In early April, I had a news story in the New York Times about the passage of a groundbreaking law in New Mexico that bans “lunch shaming” – practices in the cafeteria that single out kids with meal debt, such as being given a cold sandwich instead of the hot meal, or being marked with a hand stamp or wrist band.
For me, the biggest surprise of that story was how very surprised the Times readership appeared to be about lunch shaming. Those involved in the world of school food have long known about such practices – and, of course, they are also well known to the kids and families who regularly experience them.
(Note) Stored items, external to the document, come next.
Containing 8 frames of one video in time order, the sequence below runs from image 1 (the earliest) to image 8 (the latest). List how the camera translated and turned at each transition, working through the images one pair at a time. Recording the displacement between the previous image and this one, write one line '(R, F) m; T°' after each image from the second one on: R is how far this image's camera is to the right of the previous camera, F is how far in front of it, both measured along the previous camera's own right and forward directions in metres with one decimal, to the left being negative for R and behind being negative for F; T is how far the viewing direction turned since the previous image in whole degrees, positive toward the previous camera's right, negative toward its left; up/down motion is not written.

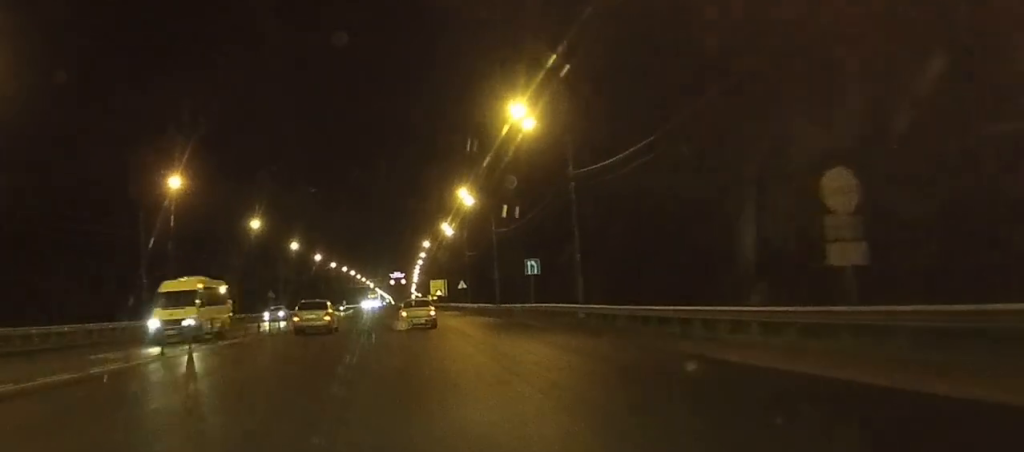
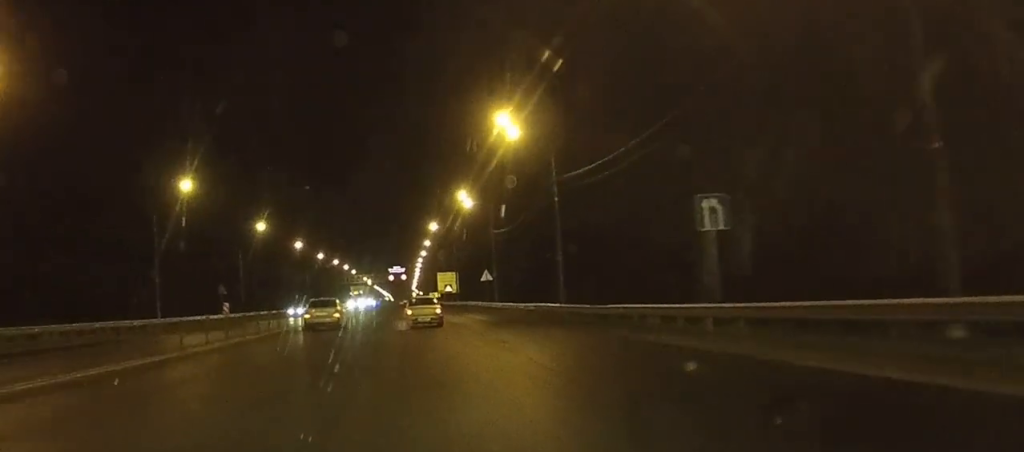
(+0.1, +32.4) m; 0°
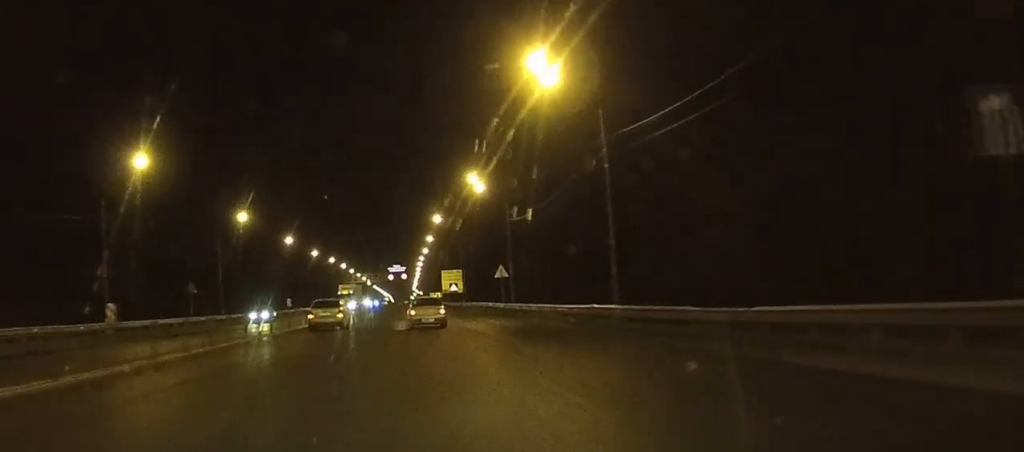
(0.0, +12.1) m; 0°
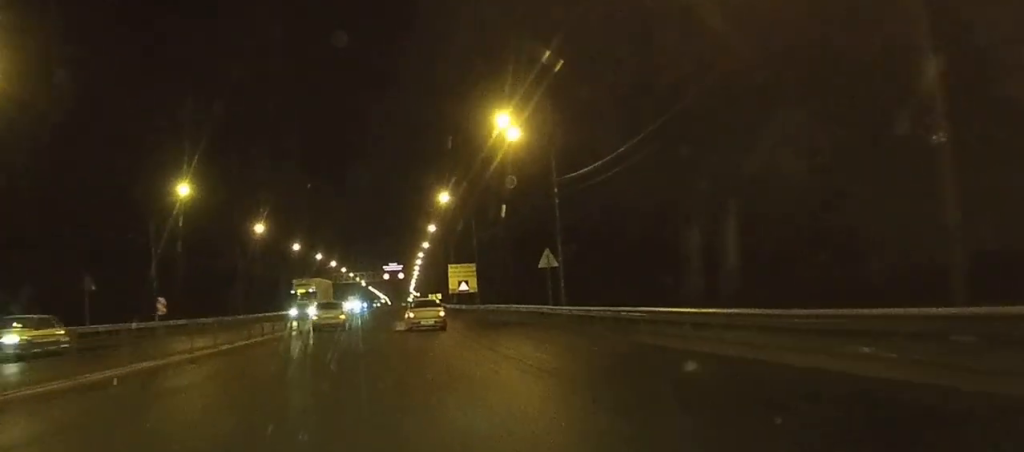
(0.0, +23.4) m; 0°
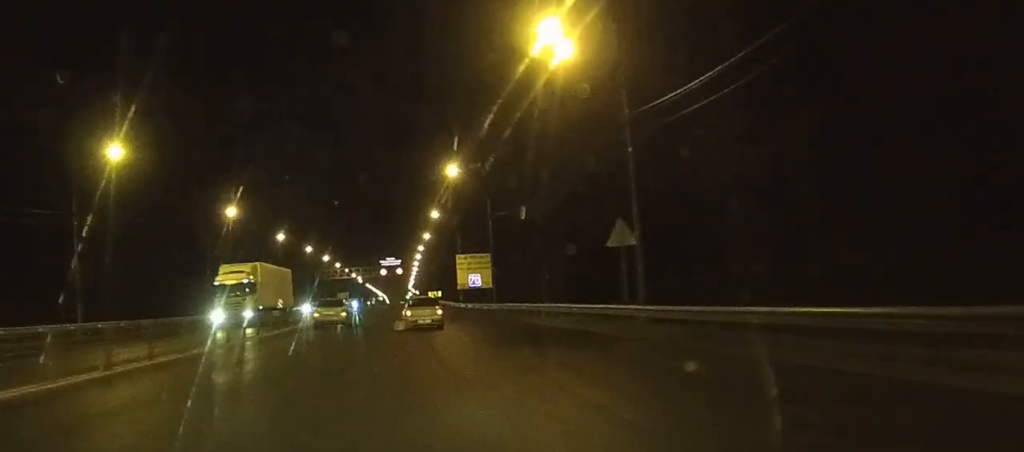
(0.0, +15.8) m; 0°
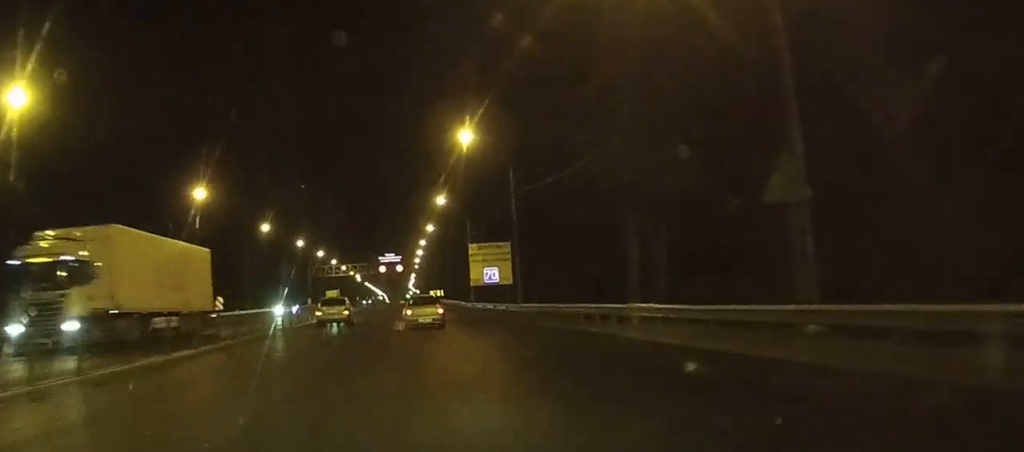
(0.0, +13.4) m; 0°
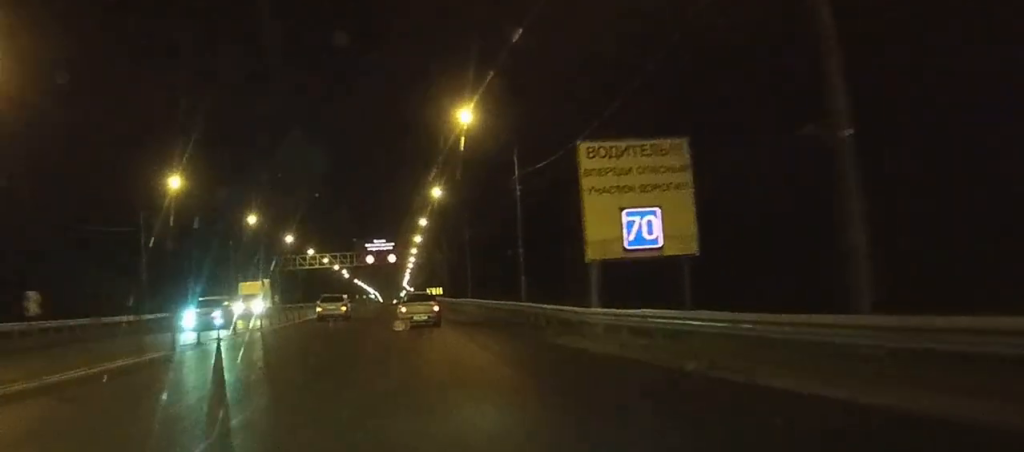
(+0.1, +39.9) m; 0°
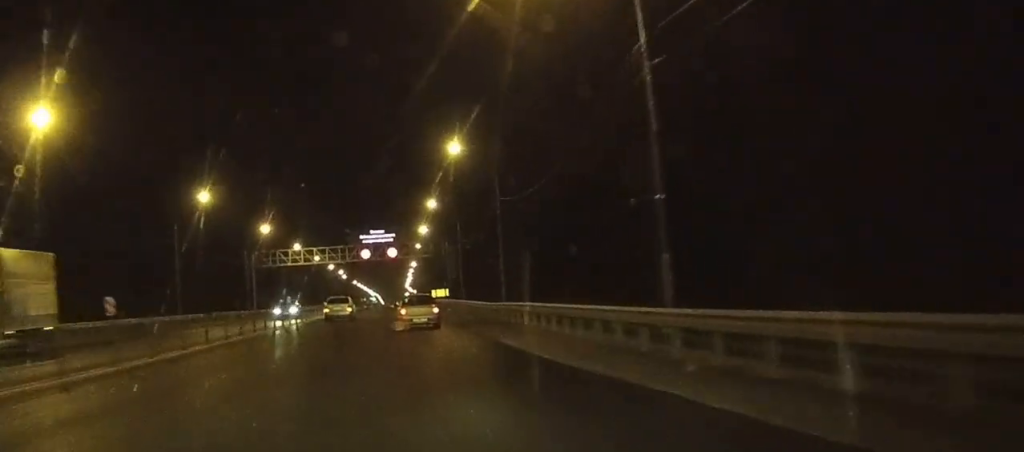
(0.0, +25.6) m; 0°
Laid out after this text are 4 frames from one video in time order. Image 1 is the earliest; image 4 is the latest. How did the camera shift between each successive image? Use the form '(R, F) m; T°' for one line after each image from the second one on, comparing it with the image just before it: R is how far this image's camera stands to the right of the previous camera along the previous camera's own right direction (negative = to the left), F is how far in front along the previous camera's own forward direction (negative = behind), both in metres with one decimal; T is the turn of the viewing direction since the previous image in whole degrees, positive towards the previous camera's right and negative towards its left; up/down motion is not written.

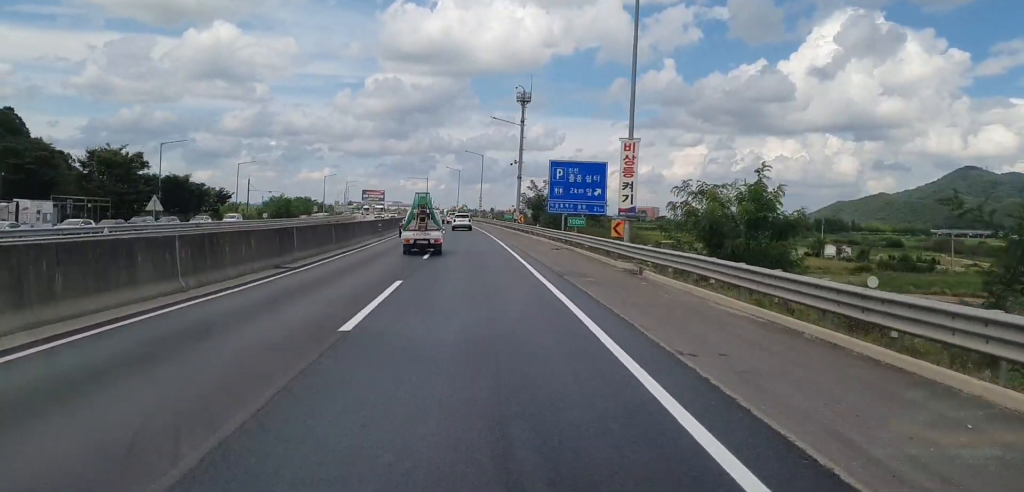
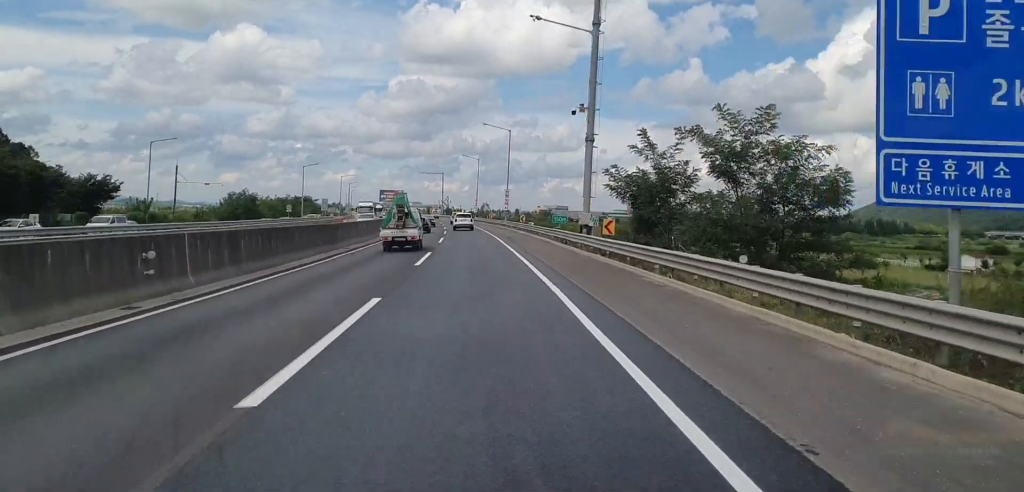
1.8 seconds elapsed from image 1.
(0.0, +43.1) m; -2°
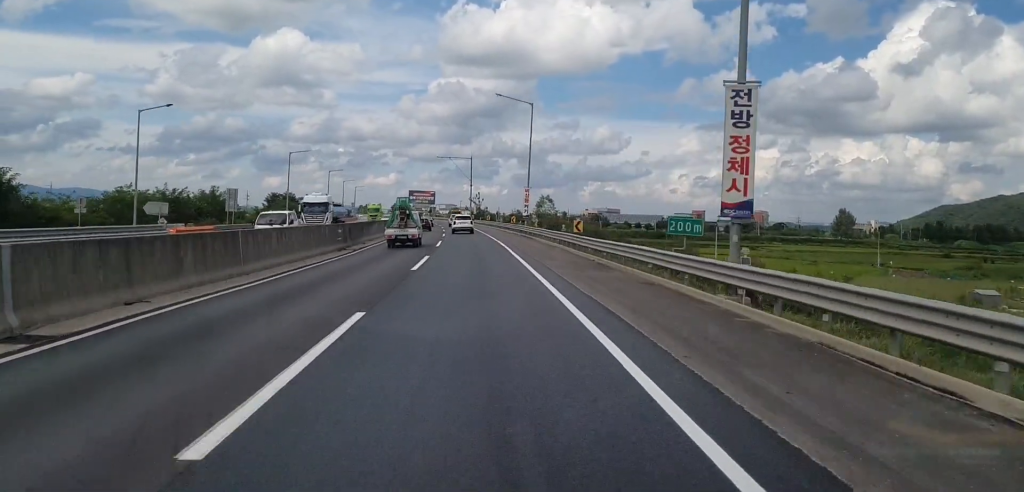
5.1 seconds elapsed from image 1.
(-2.2, +78.6) m; -3°
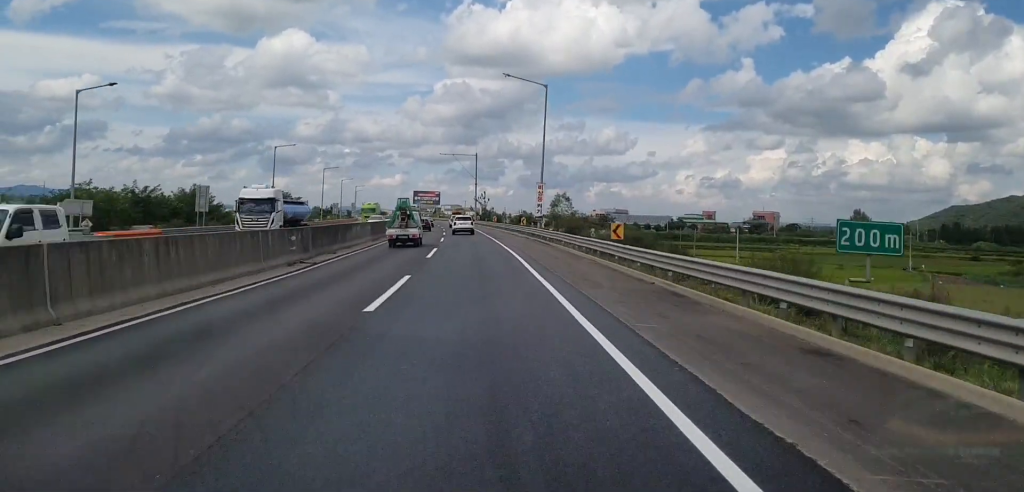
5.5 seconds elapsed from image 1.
(-0.1, +10.3) m; -1°

But that first story clearly hit a nerve with the general public; it was the fourth-most tweeted and Facebooked New York Times story that weekend.
I was asked to write a follow-up story to give readers a bit more context, and also to focus on the various charities that have sprung up around this problem. That story appears in the paper today – and on the front page of the print edition! (Still a bit in shock over that.)
Meal debt is a difficult problem that negatively affects both kids and school food programs, and it’s important to keep in mind why schools often resort to these practices. The intent, I believe, is not to stigmatize or humiliate children, but to try to keep a program running on an extremely tight budget. Better funding of school meals – or, as one of my interviewees proposes, making them free for all children, regardless of income – would of course help solve this problem on both sides of the equation.
Thanks for reading and sharing the piece! I look forward to resuming regular blogging, which had to fall by the wayside a bit while I worked on this story.